Diduga Langgar Netralitas Pemilu, Kepala Sekolah di Banyumas Dicopot
Selasa, 28 November 2023 | 15:06 WIB
Banyumas, Beritasatu.com - Seorang kepala sekolah di Banyumas dicopot dari jabatannya usai terbukti melanggar netralitas pemilu. Sanksi tersebut diberikan menindaklanjuti dugaan pelanggaran yang ditemukan Badan Pengawas Pemilu (Bawaslu) Kabupaten Banyumas.
Koordinator Divisi Penanganan Pelanggaran dan Data Informasi Bawaslu Banyumas, Yon Daryono, mengatakan di tahapan Pemilu 2024 pihaknya telah melakukan penanganan pelanggaran pemilu.
"Satu aparatur sipil negara (ASN) di Kabupaten Banyumas sudah kita periksa dan rekomendasikan ke Komisi ASN (KASN) dan hasil putusannya sudah dilakukan dengan dicopot dari jabatan kepala sekolah dan ditunda kenaikan pangkat selama setahun," kata Yon kepada wartawan usai apel siaga pengawasan tahapan kampanye Pemilu 2024 di Alun-alun Purwokerto, Selasa (28/11/2023).
Yon mengungkapkan kepala sekolah tersebut terlibat aktif memobilisasi guru untuk mendukung salah satu peserta pemilu.
"Kepala sekolah terlibat aktif memobilisasi guru-guru untuk memberikan dukungan salah satu calon perseorangan atau DPD di tingkat provinsi," terangnya.
Selain pada ASN, Bawaslu juga telah memeriksa seorang kepala desa yang mengunggah foto di Instagram pemerintah desa sambil menunjukkan simbol-simbol peserta pemilu berupa foto pose jari.

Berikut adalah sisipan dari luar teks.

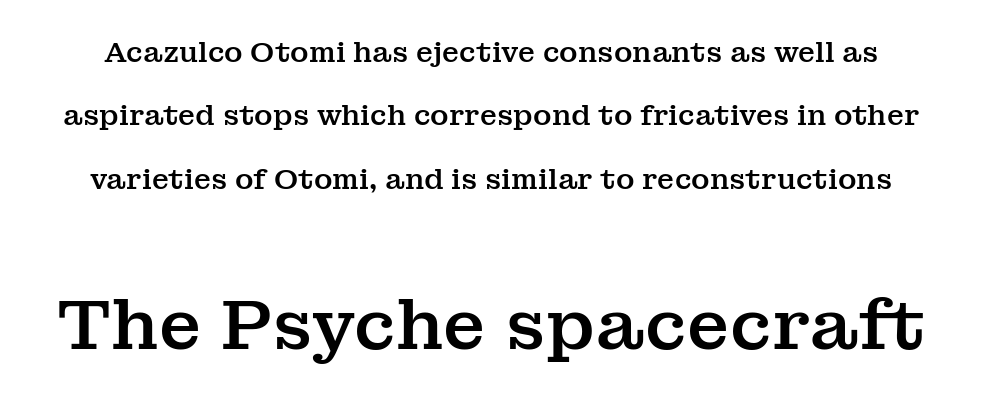
{"serif": "yes", "italic": "no", "width": "normal", "stroke_contrast": "medium", "x_height": "medium", "monospaced": "no", "underline": "no", "line_spacing": "loose", "line_spacing_ratio": 2.26, "letter_spacing": "normal", "letter_spacing_em": 0.0, "larger_block": "second", "size_ratio": 2.5, "glyph_px": 70}
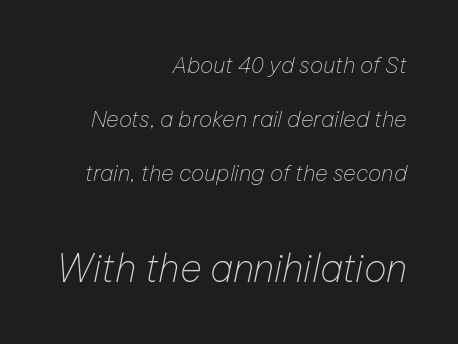
Successive baselines arrive slowly, with a big drop between each. Observe the lean: these are italic letterforms. Caption: face not bold, strokes unweighted. The face used here is proportionally spaced, like ordinary book or web type. This layout puts the modest block above and the oversized block below.
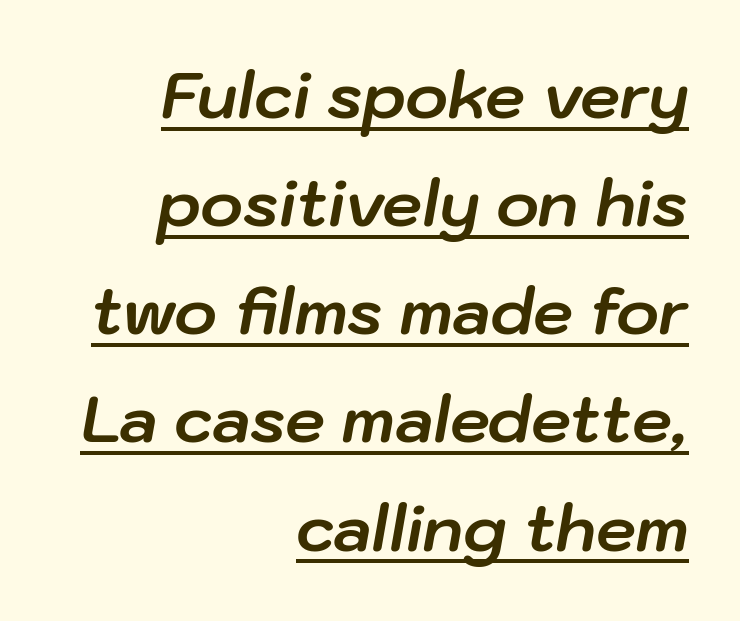
The image shows 64 px bold type, italic (leaning right); set right-aligned, normal line spacing (1.69x), normal letter spacing, underlined; low stroke contrast and a medium x-height.
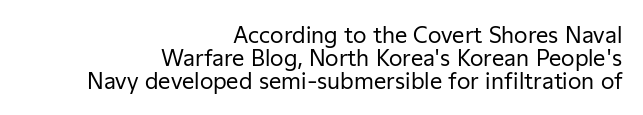
{"italic": "no", "bold": "no", "underline": "no", "align": "right", "line_spacing": "tight", "line_spacing_ratio": 1.04, "letter_spacing": "normal", "letter_spacing_em": 0.0, "glyph_px": 22}
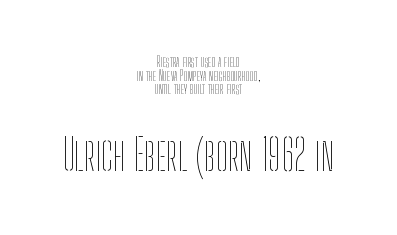
The image shows 43 px thin, condensed type, upright; set centered, tight line spacing (0.97x), normal letter spacing, not underlined; the second (bottom) block is 3.07x larger; low stroke contrast and a medium x-height.
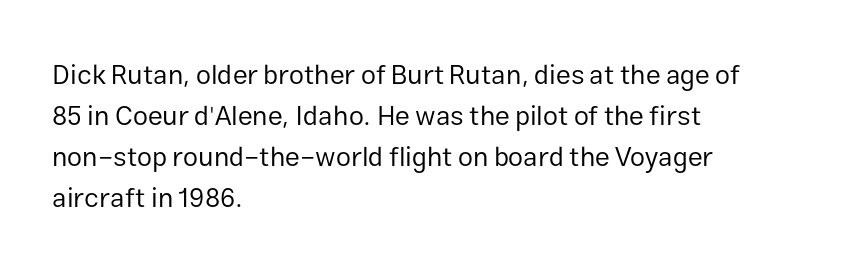
Q: Is the text bold? A: No.
Q: Is the text italic (slanted)? A: No, it is upright.
Q: Is the text underlined? A: No.
Q: How is the paragraph aligned? A: Left-aligned.
Q: Is the spacing between letters normal or unusually wide? A: Normal.
Q: Is the spacing between lines tight, normal or loose? A: Normal.

"Kami juga sudah memeriksa dan memantau satu orang kades di wilayah Baturraden. Karena dia mengunggah foto di IG pemdes terkait dengan simbol-simbol peserta pemilu. Pihak pemdes tersebut sudah menurunkan dari postingan tersebut," jelasnya.
Yon mengimbau agar ASN, perangkat desa, BPD maupun TNI/Polri untuk lebih berhati-hati untuk mengunggah di media sosial. Apalagi hari ini sudah masuk dalam tahapan kampanye.
"Sebelum tanggal 28 November, ketika ada dugaan temuan atau laporan, diproses dan misalkan terbukti, maka hanya akan diteruskan ke masing-masing instansi. Adapun sanksi tergantung instasi tersebut. Tetapi sejak hari ini, ketika sudah masuk masa kampanye dan terbukti melanggar, maka ada saksi baik administrasi maupun pidana pemilu," pungkasnya.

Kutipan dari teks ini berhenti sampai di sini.